The Whale Shark has emerged and is taking over the SMB acquisitions world. A new breed of Business Buyer.

Definition: A “Whale Shark” is any individual or small group executing a strategy to purchase and own multiple SMBs long-term.

A hybrid Investor/Entrepreneur.

There are three distinct kinds of them, but they all share certain attributes.

First, why “Whale Shark”? This is a little weird, but… When setting up my business brokerage almost a decade ago I created a short-hand language of tags for people in my CRM.

Buyers/Investors = “Whales” | Sellers/Owners = “Sharks”.

It made sense. People with lots of money are often called “Whales” in finance. (I sorted them by investable $; the more you had, the bigger the whale tag you got – Blue, Grey, etc.. down to a dolphin) Tagging someone as a “Humpback” was faster than “Buyer with up to $2M.”

In the same way, entrepreneurs are widely referred to as “Sharks” due to the popularity of Shark Tank. It made sense. They’re loners, aggressive, and not afraid to get bloody. I followed the same pattern. The biggest biz owners by revenue were “Great Whites” than Tiger, Mako etc.

Easy Peasy. Now I just needed to match Buyers with the right kind of Money (whales) with Sellers with the right size business (sharks). Except I started encountering people that weren’t really one or the other… they were BOTH. They owned businesses but also wanted to buy more.
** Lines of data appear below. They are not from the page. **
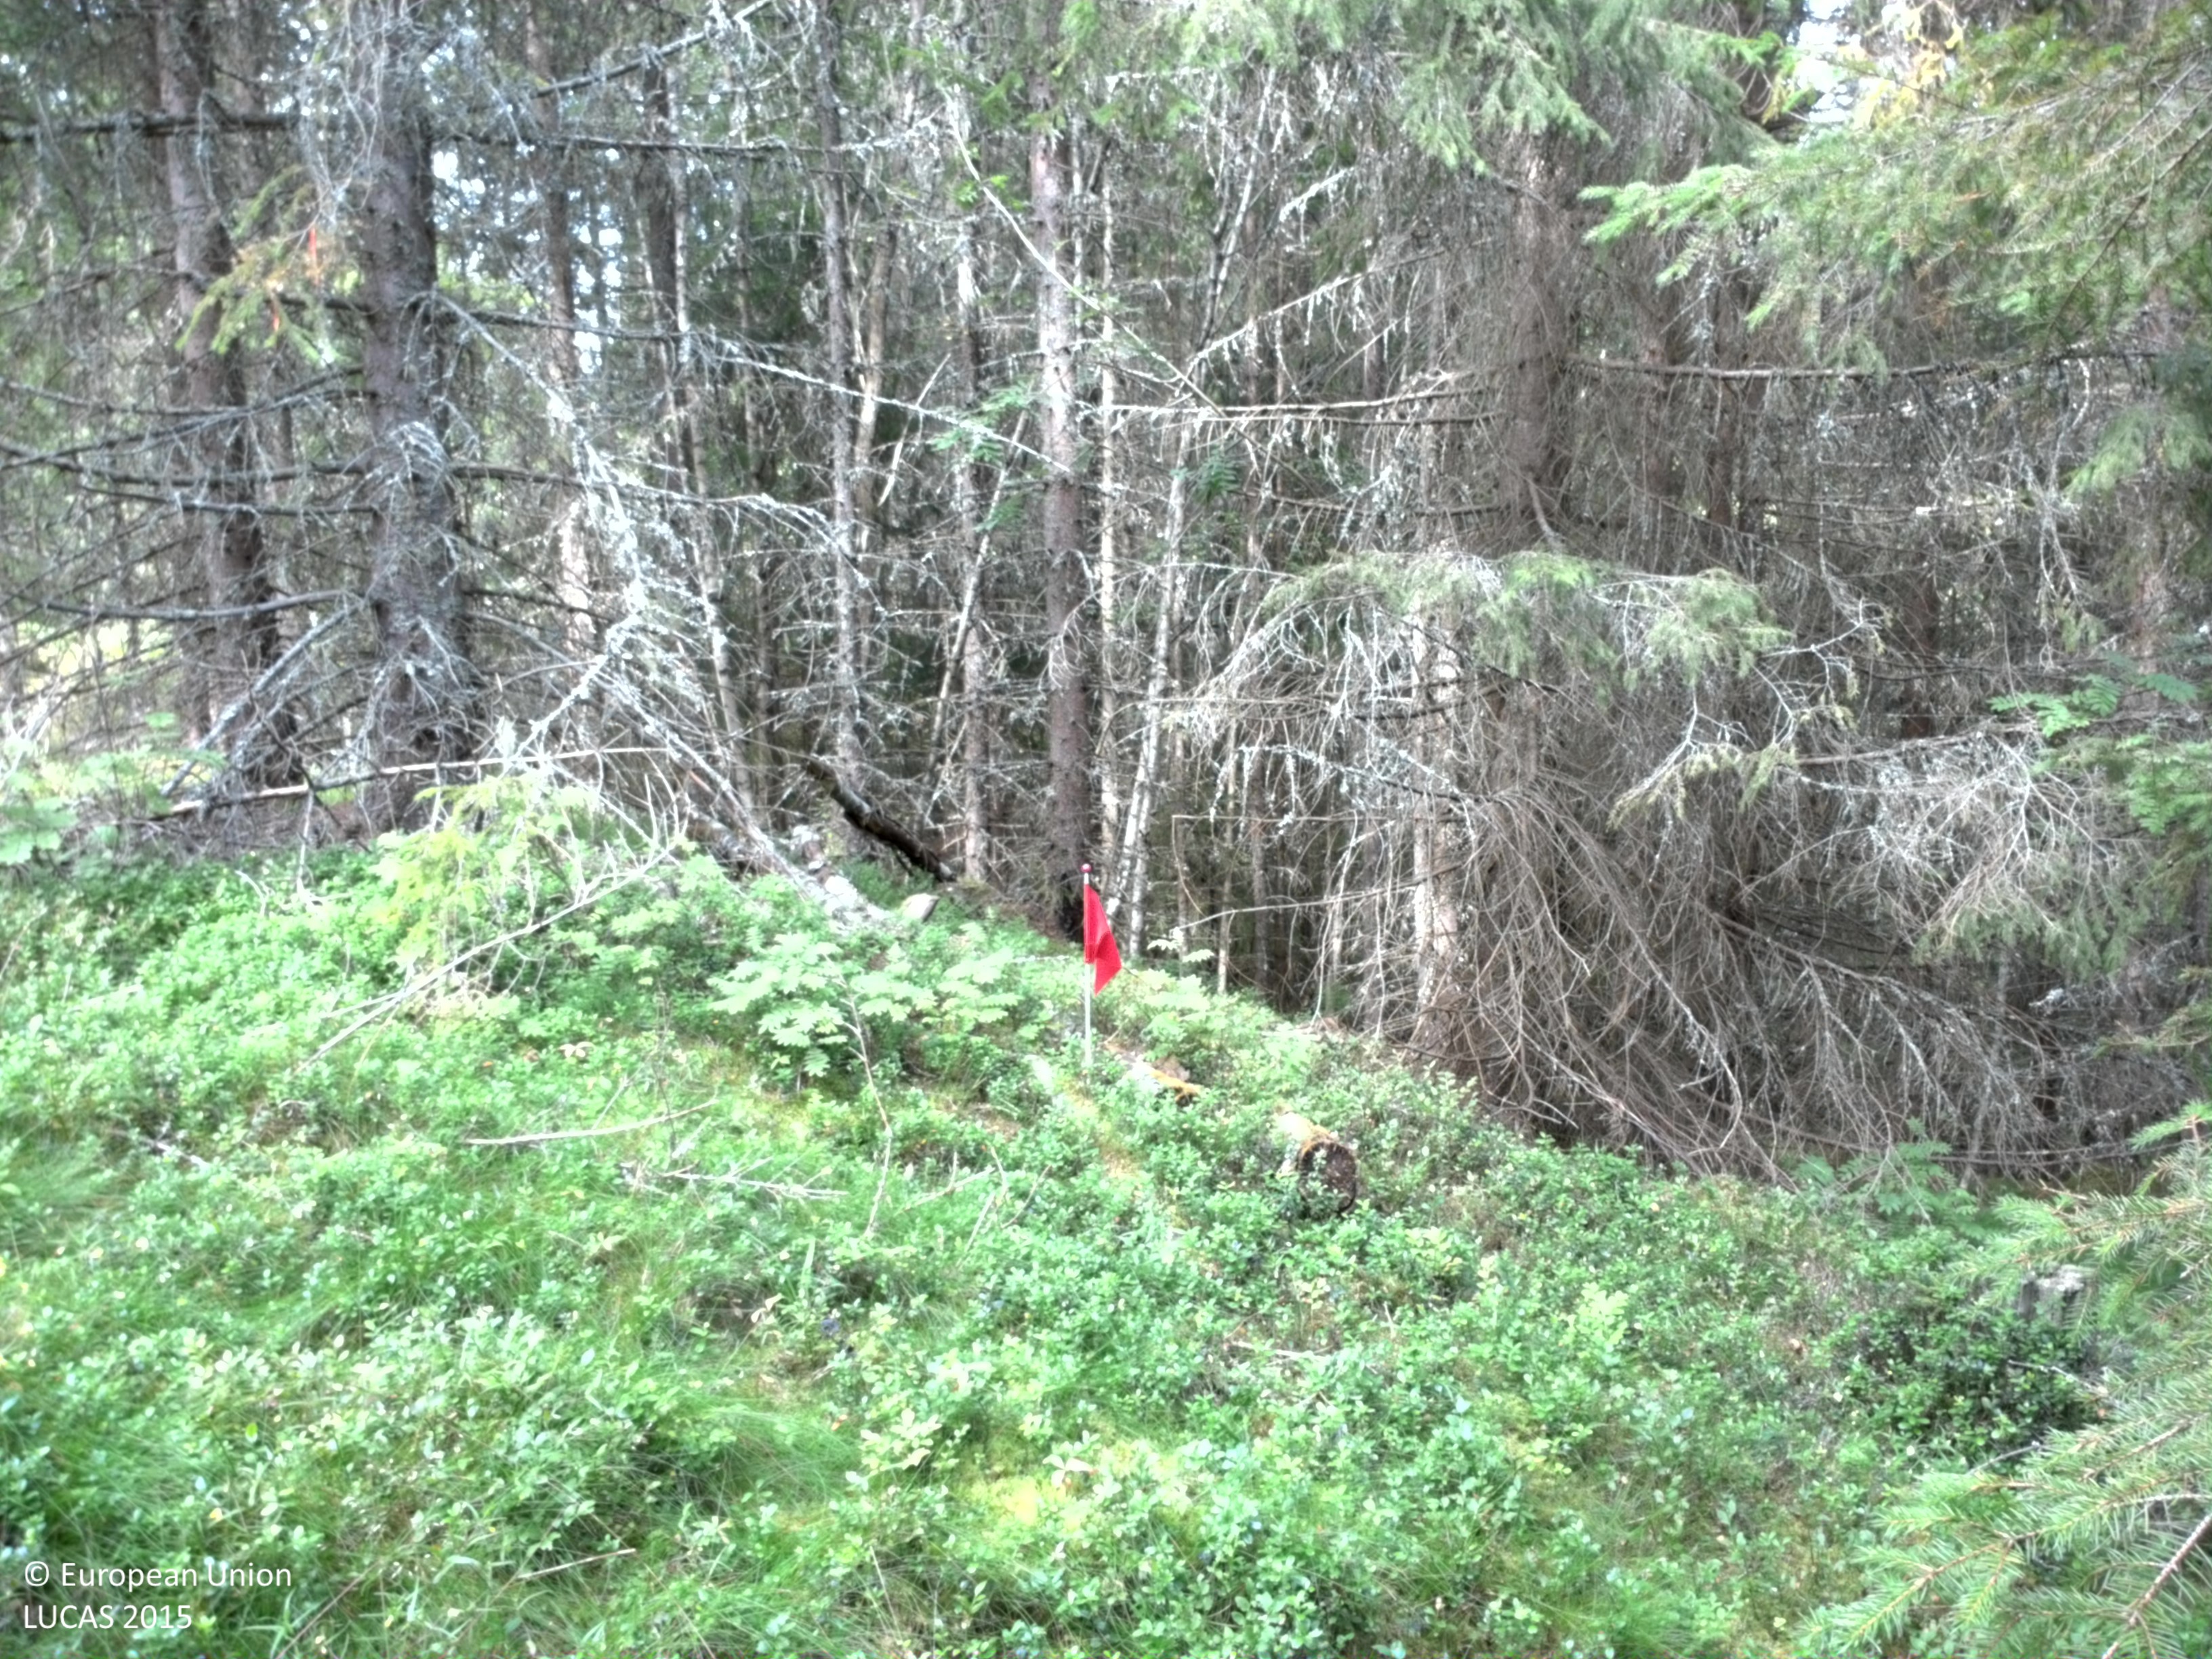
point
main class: Woodland
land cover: Spruce dominated coniferous woodland
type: boreal forest
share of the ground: 50 - 75 %
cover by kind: coniferous forest trees 60 %, shrubs 20 %, lichens and mosses 10 %, broadleaved forest trees 5 %, herbaceous plants 5 %
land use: Forestry
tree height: > 5 m
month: August
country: SE
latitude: 60.0285
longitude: 13.5260
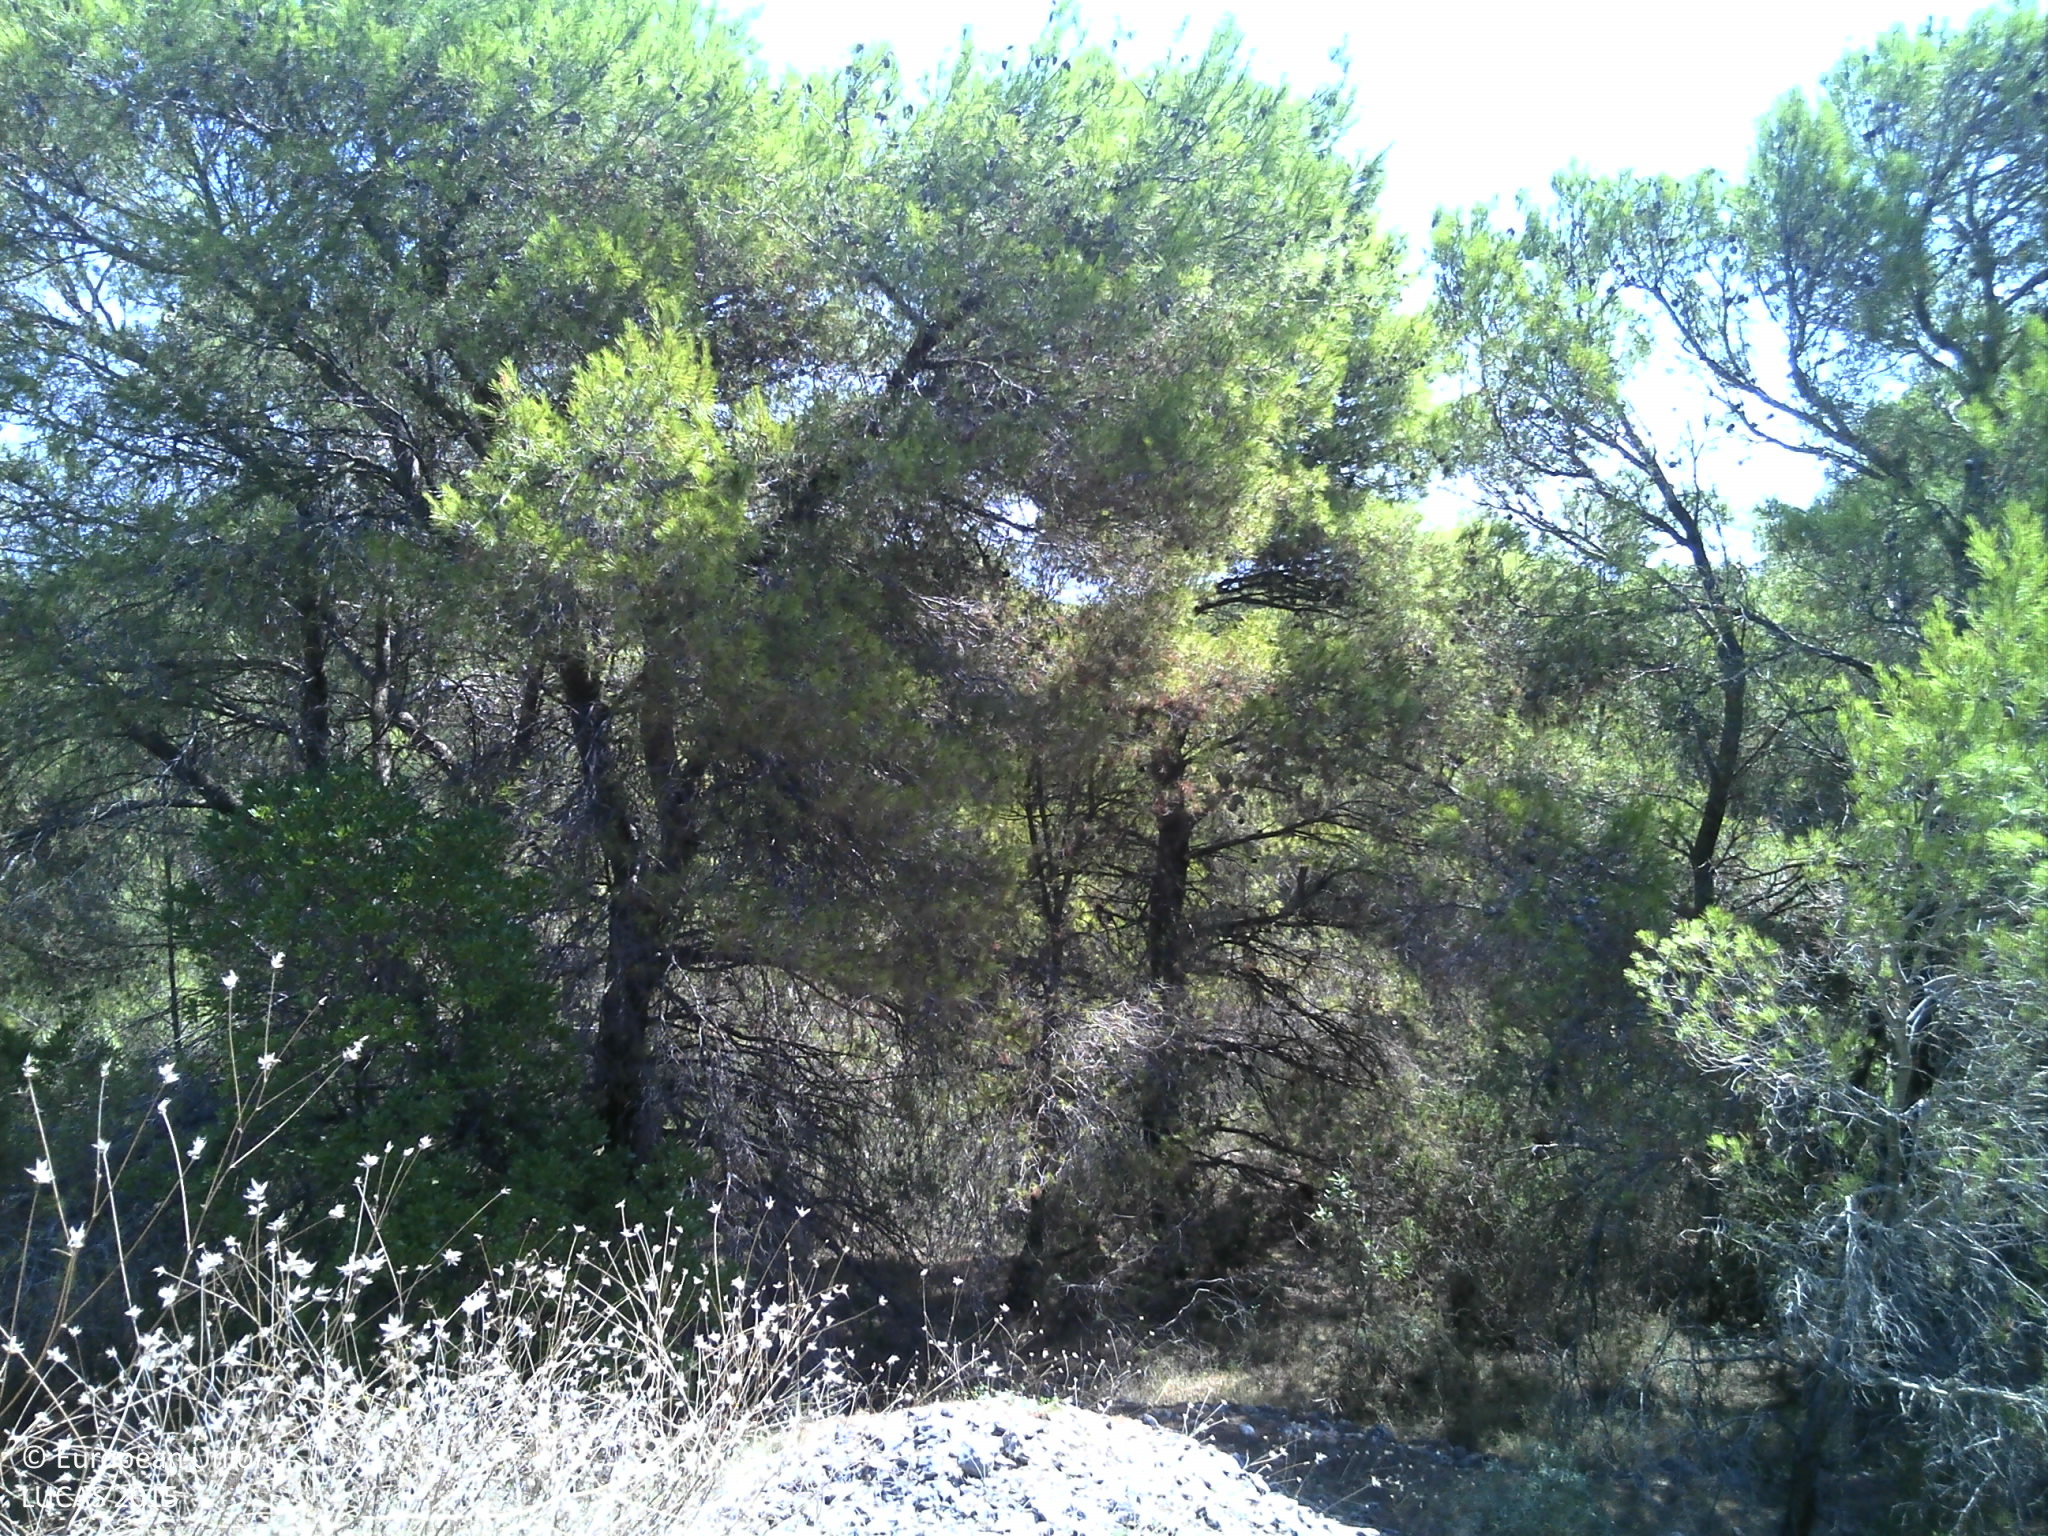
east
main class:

Honestly, I was not prepared for how common this would be. I grew up with a small biz owning single mom who worked seven days a week for months and could barely keep up with running just one SMB. Meeting people that owned 10 SMBs kind of fried my brain at first. How?!?! ????

I knew this happened up-market, with Private Equity Groups buying portfolios of Lower Middle Market businesses etc. But I was shocked to find a brilliant subspecies of Main Street multi-SMB owners. I was fascinated by them. I wanted to be them. I studied them!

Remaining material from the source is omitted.